TASK OBJECTIVE —
Copy exactly the lines from the start of the data below through the one that carries "계절산문 박준 여름 자리 낮이 분명하게 길어졌습니다 저는", and only those.

TASK DATA —
__________
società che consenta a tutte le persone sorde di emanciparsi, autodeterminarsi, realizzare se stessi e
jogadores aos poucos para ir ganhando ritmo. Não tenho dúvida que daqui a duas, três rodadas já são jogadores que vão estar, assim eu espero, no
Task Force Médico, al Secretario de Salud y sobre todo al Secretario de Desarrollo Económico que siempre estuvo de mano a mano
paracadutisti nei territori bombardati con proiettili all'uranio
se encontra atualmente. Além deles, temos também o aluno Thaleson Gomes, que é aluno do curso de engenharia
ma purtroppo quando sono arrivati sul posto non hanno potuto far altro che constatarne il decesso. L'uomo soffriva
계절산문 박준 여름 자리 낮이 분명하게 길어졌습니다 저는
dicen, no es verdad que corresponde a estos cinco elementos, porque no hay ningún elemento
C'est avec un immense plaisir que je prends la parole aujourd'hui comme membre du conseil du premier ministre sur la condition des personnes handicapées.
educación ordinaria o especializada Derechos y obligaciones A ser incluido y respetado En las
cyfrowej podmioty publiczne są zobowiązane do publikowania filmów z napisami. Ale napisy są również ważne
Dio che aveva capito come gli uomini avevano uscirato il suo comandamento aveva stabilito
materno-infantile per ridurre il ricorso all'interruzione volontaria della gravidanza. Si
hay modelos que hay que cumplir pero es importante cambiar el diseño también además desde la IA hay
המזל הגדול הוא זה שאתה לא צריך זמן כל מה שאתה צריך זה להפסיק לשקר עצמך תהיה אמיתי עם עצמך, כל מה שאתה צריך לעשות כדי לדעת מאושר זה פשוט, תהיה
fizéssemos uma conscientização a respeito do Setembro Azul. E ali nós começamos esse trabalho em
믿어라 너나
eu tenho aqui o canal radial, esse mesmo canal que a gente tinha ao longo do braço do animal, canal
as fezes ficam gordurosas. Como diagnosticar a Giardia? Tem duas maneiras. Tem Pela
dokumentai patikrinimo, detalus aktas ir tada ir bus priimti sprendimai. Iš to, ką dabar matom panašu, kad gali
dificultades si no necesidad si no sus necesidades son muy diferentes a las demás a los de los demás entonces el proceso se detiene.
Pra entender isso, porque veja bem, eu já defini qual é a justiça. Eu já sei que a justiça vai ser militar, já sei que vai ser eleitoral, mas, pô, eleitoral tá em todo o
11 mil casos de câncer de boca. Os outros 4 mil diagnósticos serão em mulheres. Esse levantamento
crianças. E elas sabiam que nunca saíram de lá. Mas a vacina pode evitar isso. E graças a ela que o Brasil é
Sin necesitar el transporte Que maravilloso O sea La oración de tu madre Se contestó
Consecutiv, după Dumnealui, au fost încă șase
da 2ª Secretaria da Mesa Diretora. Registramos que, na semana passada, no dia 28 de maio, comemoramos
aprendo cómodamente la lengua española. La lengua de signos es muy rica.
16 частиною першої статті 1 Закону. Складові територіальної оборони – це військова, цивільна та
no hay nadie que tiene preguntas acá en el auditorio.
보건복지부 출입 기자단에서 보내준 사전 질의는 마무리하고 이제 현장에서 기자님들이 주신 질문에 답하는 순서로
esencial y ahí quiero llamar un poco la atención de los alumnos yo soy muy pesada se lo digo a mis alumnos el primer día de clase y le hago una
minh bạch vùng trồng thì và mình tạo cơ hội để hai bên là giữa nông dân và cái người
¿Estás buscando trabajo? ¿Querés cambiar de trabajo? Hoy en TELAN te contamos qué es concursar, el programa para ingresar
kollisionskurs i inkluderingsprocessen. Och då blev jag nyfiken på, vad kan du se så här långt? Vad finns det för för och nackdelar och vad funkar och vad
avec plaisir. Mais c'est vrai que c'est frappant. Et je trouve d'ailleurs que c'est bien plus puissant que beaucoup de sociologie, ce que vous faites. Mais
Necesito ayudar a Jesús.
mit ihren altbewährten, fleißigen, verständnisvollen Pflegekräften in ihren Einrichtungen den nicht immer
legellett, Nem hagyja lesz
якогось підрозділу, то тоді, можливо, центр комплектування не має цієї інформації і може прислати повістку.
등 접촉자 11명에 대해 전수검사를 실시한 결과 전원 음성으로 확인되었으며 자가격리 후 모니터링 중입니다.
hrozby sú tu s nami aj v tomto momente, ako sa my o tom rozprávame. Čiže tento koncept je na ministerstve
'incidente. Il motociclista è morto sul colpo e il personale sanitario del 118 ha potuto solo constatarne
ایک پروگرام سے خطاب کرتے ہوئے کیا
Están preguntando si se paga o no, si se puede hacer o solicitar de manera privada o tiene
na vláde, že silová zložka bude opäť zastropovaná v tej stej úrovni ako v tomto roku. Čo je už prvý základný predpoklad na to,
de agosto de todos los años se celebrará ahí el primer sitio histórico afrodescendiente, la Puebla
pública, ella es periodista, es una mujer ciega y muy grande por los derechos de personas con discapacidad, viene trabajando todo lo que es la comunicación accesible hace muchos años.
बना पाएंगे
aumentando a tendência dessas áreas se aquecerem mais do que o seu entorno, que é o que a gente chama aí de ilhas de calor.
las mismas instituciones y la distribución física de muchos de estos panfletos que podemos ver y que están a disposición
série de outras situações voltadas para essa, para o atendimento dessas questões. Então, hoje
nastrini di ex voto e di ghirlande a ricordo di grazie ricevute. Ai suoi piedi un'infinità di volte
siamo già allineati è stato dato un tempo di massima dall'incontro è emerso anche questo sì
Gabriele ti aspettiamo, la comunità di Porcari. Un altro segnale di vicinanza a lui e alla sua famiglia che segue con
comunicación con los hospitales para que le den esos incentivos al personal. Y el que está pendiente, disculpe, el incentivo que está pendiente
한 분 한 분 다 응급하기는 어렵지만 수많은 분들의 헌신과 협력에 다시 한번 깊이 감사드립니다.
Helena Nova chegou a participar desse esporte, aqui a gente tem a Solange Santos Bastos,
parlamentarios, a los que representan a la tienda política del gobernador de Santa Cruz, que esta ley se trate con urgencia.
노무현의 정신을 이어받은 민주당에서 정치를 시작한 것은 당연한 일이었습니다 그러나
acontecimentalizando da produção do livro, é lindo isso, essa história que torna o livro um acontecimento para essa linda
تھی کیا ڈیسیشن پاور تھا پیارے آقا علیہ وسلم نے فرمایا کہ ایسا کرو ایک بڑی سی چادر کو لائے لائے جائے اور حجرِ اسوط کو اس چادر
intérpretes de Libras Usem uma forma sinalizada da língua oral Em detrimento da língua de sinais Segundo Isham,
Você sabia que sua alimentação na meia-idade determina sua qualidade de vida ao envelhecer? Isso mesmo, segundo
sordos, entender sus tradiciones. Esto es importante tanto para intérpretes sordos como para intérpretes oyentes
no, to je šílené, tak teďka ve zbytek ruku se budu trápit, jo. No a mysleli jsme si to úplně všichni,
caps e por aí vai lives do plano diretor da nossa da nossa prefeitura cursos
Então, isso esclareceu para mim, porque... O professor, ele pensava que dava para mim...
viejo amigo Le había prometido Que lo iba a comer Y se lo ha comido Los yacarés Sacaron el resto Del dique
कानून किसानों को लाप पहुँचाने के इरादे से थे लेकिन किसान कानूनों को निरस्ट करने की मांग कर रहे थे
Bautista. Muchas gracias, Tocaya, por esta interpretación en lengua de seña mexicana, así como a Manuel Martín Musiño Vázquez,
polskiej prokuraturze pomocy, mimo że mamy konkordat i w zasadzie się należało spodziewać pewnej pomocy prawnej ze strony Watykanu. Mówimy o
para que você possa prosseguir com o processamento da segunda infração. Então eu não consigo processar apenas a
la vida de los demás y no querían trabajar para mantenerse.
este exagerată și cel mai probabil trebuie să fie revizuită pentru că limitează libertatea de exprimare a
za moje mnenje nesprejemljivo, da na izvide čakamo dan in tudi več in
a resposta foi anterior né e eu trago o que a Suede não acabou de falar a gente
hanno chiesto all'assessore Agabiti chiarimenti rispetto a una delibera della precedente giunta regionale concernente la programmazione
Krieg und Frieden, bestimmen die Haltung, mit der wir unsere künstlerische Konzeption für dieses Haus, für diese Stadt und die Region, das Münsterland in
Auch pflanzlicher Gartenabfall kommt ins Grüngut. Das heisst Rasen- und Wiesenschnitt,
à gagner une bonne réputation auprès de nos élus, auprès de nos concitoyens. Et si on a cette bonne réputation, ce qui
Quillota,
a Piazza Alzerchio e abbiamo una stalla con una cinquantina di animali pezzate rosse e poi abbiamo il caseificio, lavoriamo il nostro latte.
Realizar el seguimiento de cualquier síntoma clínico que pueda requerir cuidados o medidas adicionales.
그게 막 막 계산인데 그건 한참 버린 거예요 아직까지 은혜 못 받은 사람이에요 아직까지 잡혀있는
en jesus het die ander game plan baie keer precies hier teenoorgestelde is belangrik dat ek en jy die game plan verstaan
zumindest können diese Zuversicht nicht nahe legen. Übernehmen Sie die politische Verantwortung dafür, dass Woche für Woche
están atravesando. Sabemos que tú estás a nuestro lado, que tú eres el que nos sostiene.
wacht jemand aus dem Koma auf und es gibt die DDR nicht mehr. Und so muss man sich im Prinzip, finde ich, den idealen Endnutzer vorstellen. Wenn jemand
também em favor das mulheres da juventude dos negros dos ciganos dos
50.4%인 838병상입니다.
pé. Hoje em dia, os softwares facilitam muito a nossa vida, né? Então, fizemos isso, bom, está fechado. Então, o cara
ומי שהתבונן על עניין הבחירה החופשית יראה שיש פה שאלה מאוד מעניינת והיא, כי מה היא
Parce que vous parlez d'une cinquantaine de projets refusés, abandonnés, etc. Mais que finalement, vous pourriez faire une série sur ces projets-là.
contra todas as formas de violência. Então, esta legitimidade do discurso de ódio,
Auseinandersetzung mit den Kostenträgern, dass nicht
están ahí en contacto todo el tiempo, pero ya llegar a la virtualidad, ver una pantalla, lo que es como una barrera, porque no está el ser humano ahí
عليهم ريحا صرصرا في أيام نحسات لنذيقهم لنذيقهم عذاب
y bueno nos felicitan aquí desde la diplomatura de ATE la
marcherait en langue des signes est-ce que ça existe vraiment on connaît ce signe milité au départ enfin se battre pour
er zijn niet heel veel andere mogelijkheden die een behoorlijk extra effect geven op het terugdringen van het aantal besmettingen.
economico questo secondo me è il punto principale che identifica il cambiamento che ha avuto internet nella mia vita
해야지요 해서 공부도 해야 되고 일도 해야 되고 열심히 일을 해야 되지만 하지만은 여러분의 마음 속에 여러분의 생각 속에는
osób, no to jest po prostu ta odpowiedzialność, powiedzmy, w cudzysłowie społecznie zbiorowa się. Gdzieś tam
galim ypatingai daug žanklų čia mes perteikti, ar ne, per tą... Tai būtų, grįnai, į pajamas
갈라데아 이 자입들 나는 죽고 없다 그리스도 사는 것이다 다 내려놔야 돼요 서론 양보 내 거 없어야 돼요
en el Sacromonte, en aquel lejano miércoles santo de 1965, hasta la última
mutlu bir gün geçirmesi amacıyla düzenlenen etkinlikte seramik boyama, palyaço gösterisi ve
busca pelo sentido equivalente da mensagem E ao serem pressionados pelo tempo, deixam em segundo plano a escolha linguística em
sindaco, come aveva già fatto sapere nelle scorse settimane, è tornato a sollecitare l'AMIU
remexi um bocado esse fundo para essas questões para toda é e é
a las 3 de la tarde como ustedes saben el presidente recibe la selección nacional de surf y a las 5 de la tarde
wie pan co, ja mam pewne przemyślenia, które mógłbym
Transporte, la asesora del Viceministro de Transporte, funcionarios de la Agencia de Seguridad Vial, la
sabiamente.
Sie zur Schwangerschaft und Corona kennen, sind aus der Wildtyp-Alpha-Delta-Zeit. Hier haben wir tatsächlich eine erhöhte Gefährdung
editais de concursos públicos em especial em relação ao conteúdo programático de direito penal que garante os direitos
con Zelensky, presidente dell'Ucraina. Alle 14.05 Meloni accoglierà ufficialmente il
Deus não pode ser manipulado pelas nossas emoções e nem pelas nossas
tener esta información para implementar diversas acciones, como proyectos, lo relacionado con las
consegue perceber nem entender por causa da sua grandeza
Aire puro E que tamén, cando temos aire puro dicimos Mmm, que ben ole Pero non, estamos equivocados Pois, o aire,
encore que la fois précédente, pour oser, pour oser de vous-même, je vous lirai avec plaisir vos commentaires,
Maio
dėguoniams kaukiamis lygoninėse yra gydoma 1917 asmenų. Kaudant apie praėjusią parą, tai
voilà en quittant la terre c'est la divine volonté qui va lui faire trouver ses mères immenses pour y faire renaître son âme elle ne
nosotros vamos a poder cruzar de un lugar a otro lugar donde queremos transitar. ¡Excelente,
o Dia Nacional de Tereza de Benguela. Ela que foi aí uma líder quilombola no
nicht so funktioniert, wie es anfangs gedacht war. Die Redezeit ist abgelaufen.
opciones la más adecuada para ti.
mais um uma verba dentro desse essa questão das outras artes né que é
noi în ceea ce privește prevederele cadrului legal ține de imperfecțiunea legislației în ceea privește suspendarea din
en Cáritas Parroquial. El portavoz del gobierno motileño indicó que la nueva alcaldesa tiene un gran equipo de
__________
RESPONSE AREA —
società che consenta a tutte le persone sorde di emanciparsi, autodeterminarsi, realizzare se stessi e
jogadores aos poucos para ir ganhando ritmo. Não tenho dúvida que daqui a duas, três rodadas já são jogadores que vão estar, assim eu espero, no
Task Force Médico, al Secretario de Salud y sobre todo al Secretario de Desarrollo Económico que siempre estuvo de mano a mano
paracadutisti nei territori bombardati con proiettili all'uranio
se encontra atualmente. Além deles, temos também o aluno Thaleson Gomes, que é aluno do curso de engenharia
ma purtroppo quando sono arrivati sul posto non hanno potuto far altro che constatarne il decesso. L'uomo soffriva
계절산문 박준 여름 자리 낮이 분명하게 길어졌습니다 저는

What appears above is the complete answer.